In fiscal 2009, there was a much smaller outflow from operating assets and liabilities of
$95.4 million (fiscal 2008: outflow of $192.8 million). There was a decrease in inventories
of $12.7 million compared to an increase of $96.8 million in fiscal 2008, given the much
reduced space growth in the US division and tight control of inventory on both sides of the
Atlantic. In addition, the level of accounts receivable reduced by $20.5 million,
reflecting the decline in sales in the US division partly offset by a slower collection
rate of outstanding receivables (fiscal 2008: $56.2 million). There was also a substantial
increase in the adverse impact of exchange rate changes on currency swaps of $49.6 million
(fiscal 2008: $1.9 million). The Group has historically swapped pound sterling deposits
into US dollars on a short term basis to reduce the level of US dollar debt. The size of
such cash deposits fluctuates during the year and also reflects an historic restriction on
dividend payments by the UK division. In the fourth quarter of fiscal 2009, following a
ruling by the High Court of Justice in England & Wales, the Group had a greatly
increased ability to reduce the size of the pound sterling cash deposits on a permanent
basis by paying dividends up through the corporate structure. Advantage was taken of this
to significantly reduce the future exposure of the Group’s liquidity position to
changes in the pound sterling to US dollar exchange rate.

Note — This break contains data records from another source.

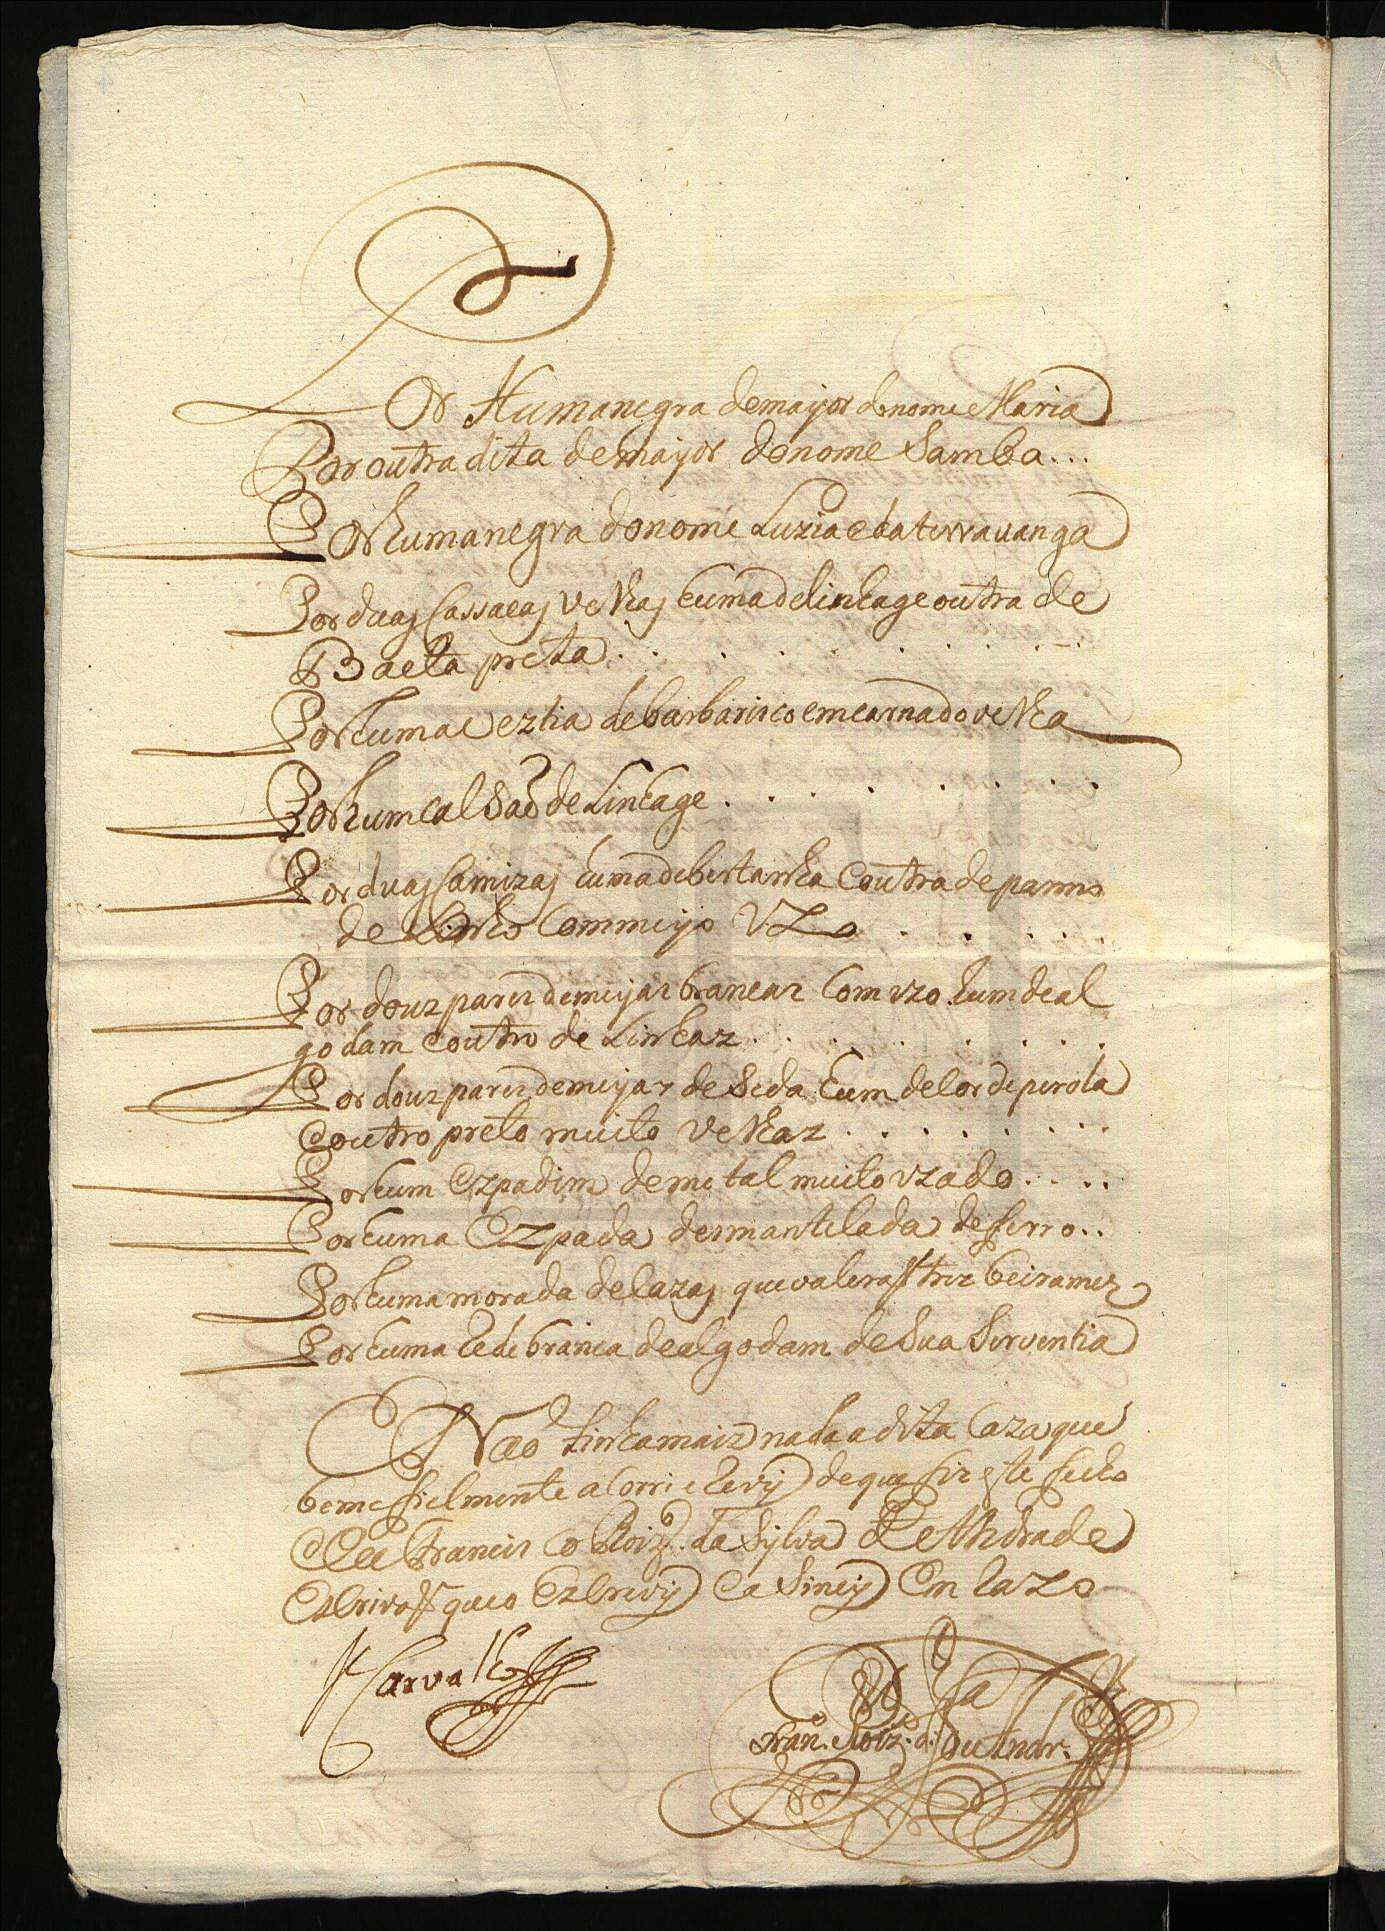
Por Huma negra de mayor do nome Maria
Por outra dita de mayor do nome Samba
Por huma negra do nome Luzia e da terrauanga
Por duas Cassacas velhas huma de linhage outra de
Baeta preta.
Por huma veztia de barbarisco emcarnado velha
Por hum calSaõ de Linhage.
Por duas Camizas huma de bertanha e outra de panno
de Linho Com meyo VZo
Por douz parez de meyas brancas Com vzo hum de al
godam e outro de Linhaz.
Por douz parez de meyas de Seda hum de cor de perola
e outro preto muito velhaz
Por hum ezpadim de metal muito vzado.
Por huma Ezpada desmantelada de ferro
Por huma morada de Cazas que valeraõ trez beiramez
Por huma Rede branca de algodam de Sua Serventia
E Naõ tinha maiz nada a dita Caza que
bem e fielmente a Corri e Revy de que fiz este fecho
E Eu Francisco Roiz̄ da Sylva d̄ Andrade
EsCrivaõ que o Ezcrevy E aSiney Em Razo
Je Carvalho
Franco Roiz̄ d̄ Andr.e

Net cash flow used in investing activities was
$113.3 million (fiscal 2008: $139.4 million) as a result of reduced store investment in the
US partly offset by an increased number of Ernest Jones refurbishments. Free cash inflow in
fiscal 2009 was $51.1 million (fiscal 2008: $1.4 million).
Dividends of $123.8 million were paid (fiscal 2008: $123.9
million). The net change in common stock was minimal (fiscal 2008: outflow $23.0
million).
Net debt
Net debt at January 31, 2009 was $470.7 million (February 2, 2008: $374.6 million). Of the $96.1 million increase in net debt (fiscal 2008: $141.4 million increase), $23.5 million (fiscal 2008: $4.1 million decrease) was due to the effect of exchange rate changes. Group gearing (that is the ratio of net debt to shareholders' equity excluding goodwill) at January 31, 2009 was 29.2% (February 2, 2008: 21.2%). The peak level of net debt in fiscal 2009 was about $670 million (fiscal 2008: about $620 million).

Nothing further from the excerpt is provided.